What does Proverbs 7:20 mean?
ESV: he took a bag of money with him; at full moon he will come home.”
NIV: He took his purse filled with money and will not be home till full moon.'
NASB: He has taken a bag of money with him. At the full moon he will come home.'
CSB: He took a bag of silver with him and will come home at the time of the full moon."
NLT: He has taken a wallet full of money with him and won’t return until later this month. '
KJV: He hath taken a bag of money with him, and will come home at the day appointed.
The adulteress continues her effort to persuade the foolish young man to commit adultery with her (Proverbs 7:6–19). She points out that her husband took a bag of money with him. Perhaps she mentions this fact to alleviate the young man's fear that her husband might run out of money and return home unexpectedly. She indicates that he will be far from home for several days, until there is a full moon. It seems the husband was on a business trip, but he may have planned to spend some of his money on a gift or two for his wife. If this is the case, his wife's wickedness intensifies.
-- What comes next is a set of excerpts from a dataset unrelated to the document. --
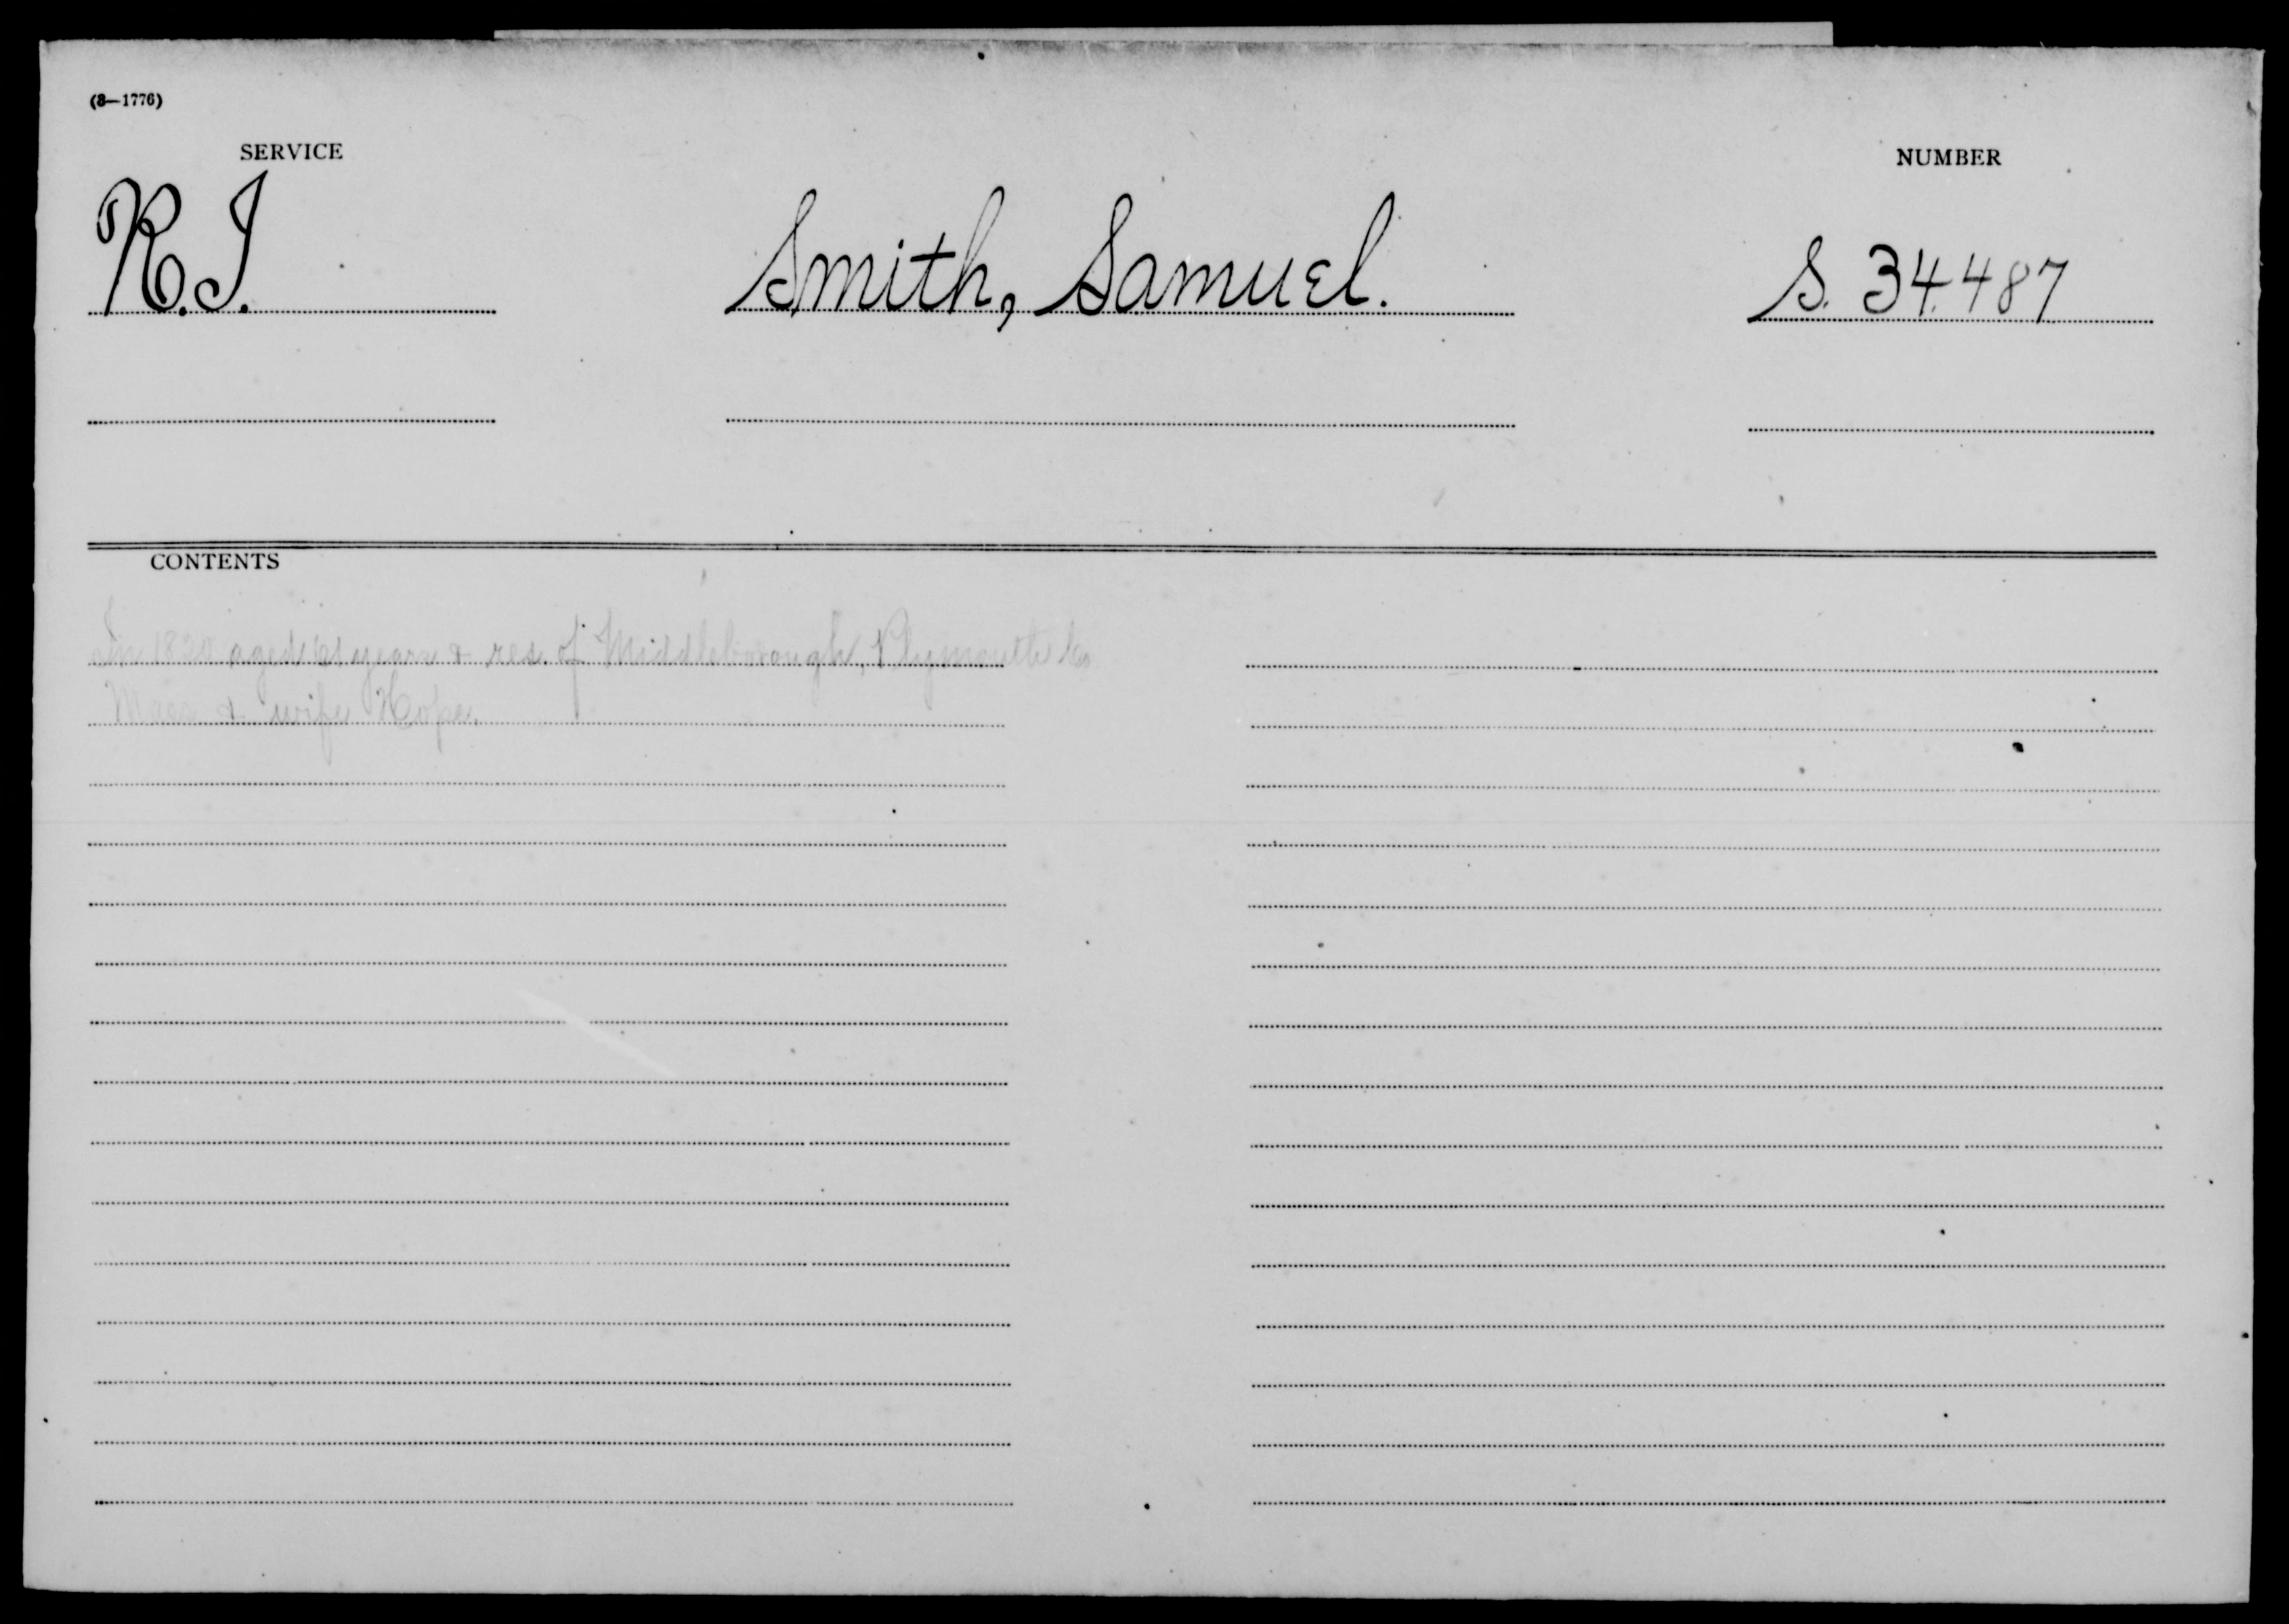(8-1776)
SERVICE  R. I.
Smith, Samuel.
NUMBER  S.34.487
CONTENTS
In 1820 aged 61 years and res. of Middleborough, Plymouth Co. Mass. and wife Hope.

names: Hope [BLANK]
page: 1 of 14
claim: survivor's
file: S. 34,487, for Samuel Smith, Rhode Island

The young man is being drawn into the affair slowly but surely. This entire story is meant to highlight the dangers of sexual temptation, and the tactics to which both men and women can be exposed. The young man in this example, like the son listening to Solomon's teaching, and those reading it today, would be well advised to heed the counsel given in Proverbs 1:10: "My son, if sinners entice you, do not consent." Fortunately, God promises to provide a way of escape when temptation confronts us (1 Corinthians 10:13).
Proverbs 7:10–23 describes an adulteress as aggressive and seductive. Though speaking to his son, Solomon's lessons here are meant for all people. This passage is part of Solomon's teaching about the dangers of sin and temptation. The prior passage spoke of a reckless youth (Proverbs 7:6–9), who now suffers the consequences of his own choices. The woman in this story takes advantage of the young man's lust and carelessness. Solomon compares the trap she springs to those used to capture ox, a deer, and a bird.
Repeating a theme common to the early chapters of Proverbs, Solomon once again presents a dire warning about the dangers of adultery. This comes in the form of a story about a foolish young man being seduced by a predatory woman. Solomon says this is something he has seen—meaning this is likely a summary of many such examples he has witnessed in his life. The result of these reckless sins is misery and death, for both men and women alike.
In Proverbs 5 and 6 Solomon warns his son against adultery. He describes the evil woman, the adulteress, as deceptive and dangerous. While this is valid in a literal sense, it also serves as a general warning about the seductive nature of sin. In this chapter he continues his counsel about adultery, stressing the tactics used in temptation and how falling to them leads to death. The following chapter will return to the personification of wisdom as a woman, begging to be honored.
Proverbs is best understood in context with the books of Ecclesiastes and Job. In Proverbs, “wisdom” is given in short, simple, general terms. Ecclesiastes represents wisdom based on observation and experience. This often shows how the general principles of the book of Proverbs don’t apply in absolutely every circumstance. Job represents wisdom based on the experience of suffering and injustice. All three come to the conclusion that God does indeed know best, and the most sensible course of action is to follow His will.